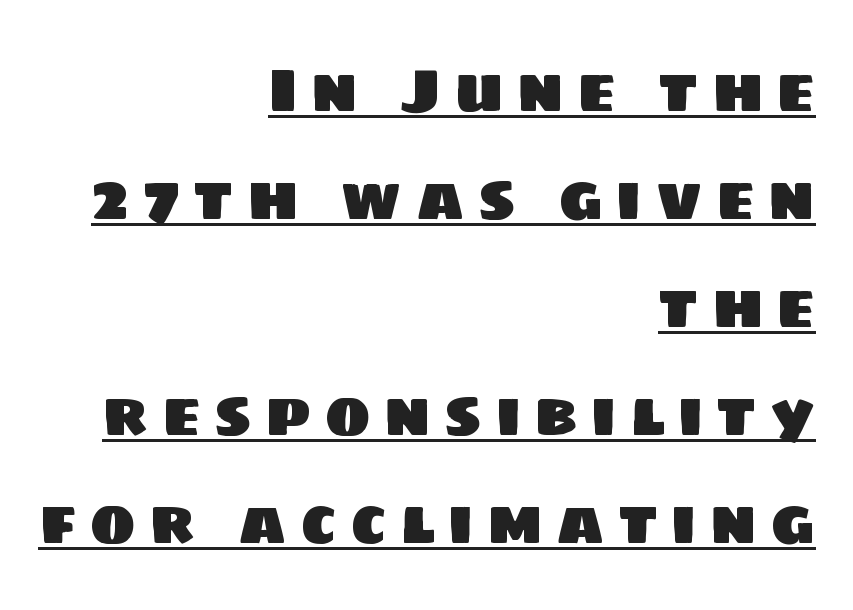
{"serif": "no", "width": "normal", "stroke_contrast": "low", "x_height": "large", "monospaced": "no", "underline": "yes", "align": "right", "line_spacing_ratio": 1.74, "letter_spacing": "wide", "letter_spacing_em": 0.21, "glyph_px": 62}
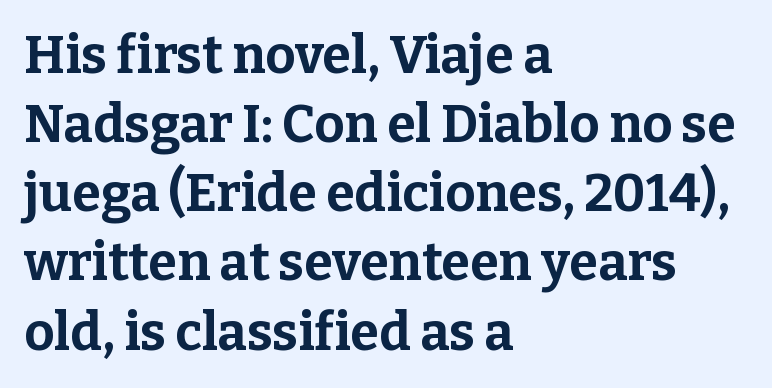
The image shows 52 px bold serif type, upright; set left-aligned, normal line spacing (1.33x), normal letter spacing, not underlined; low stroke contrast and a medium x-height.
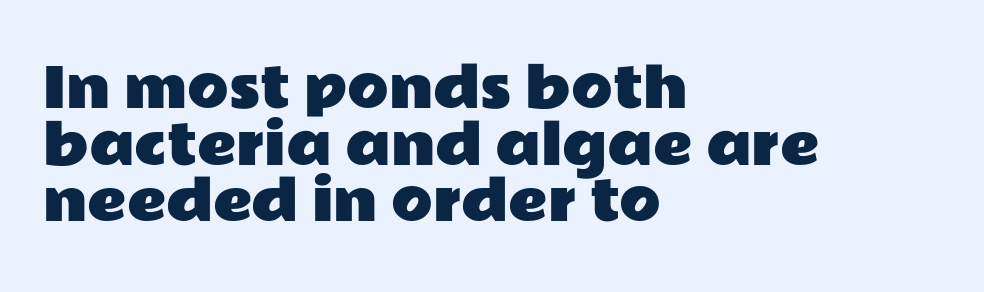
Q: Is the text italic (slanted)? A: No, it is upright.
Q: Is the typeface a serif or a sans-serif typeface? A: Sans-serif.
Q: Is the text underlined? A: No.
Q: How is the paragraph aligned? A: Left-aligned.
Q: Is the spacing between letters normal or unusually wide? A: Normal.
Q: Is the spacing between lines tight, normal or loose? A: Tight.
Q: Width (condensed, normal, or wide)? A: Wide.
Q: Stroke contrast? A: Low.
Q: x-height? A: Medium.
Q: Monospaced? A: No.
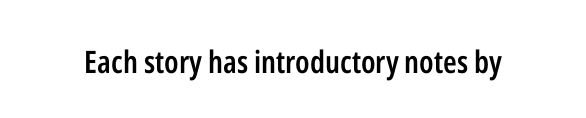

════════

Repeat only the lines from the one holding "Q: Is the text italic" through the last line of the data, inclusive. Keep the pictures out.

▶ **RESPONSE FOR THIS EXERCISE**:
Q: Is the text italic (slanted)? A: No, it is upright.
Q: Is the typeface a serif or a sans-serif typeface? A: Sans-serif.
Q: Is the text underlined? A: No.
Q: How is the paragraph aligned? A: Left-aligned.
Q: Is the spacing between letters normal or unusually wide? A: Normal.
Q: Is the spacing between lines tight, normal or loose? A: Tight.
Q: Width (condensed, normal, or wide)? A: Wide.
Q: Stroke contrast? A: Low.
Q: x-height? A: Medium.
Q: Monospaced? A: No.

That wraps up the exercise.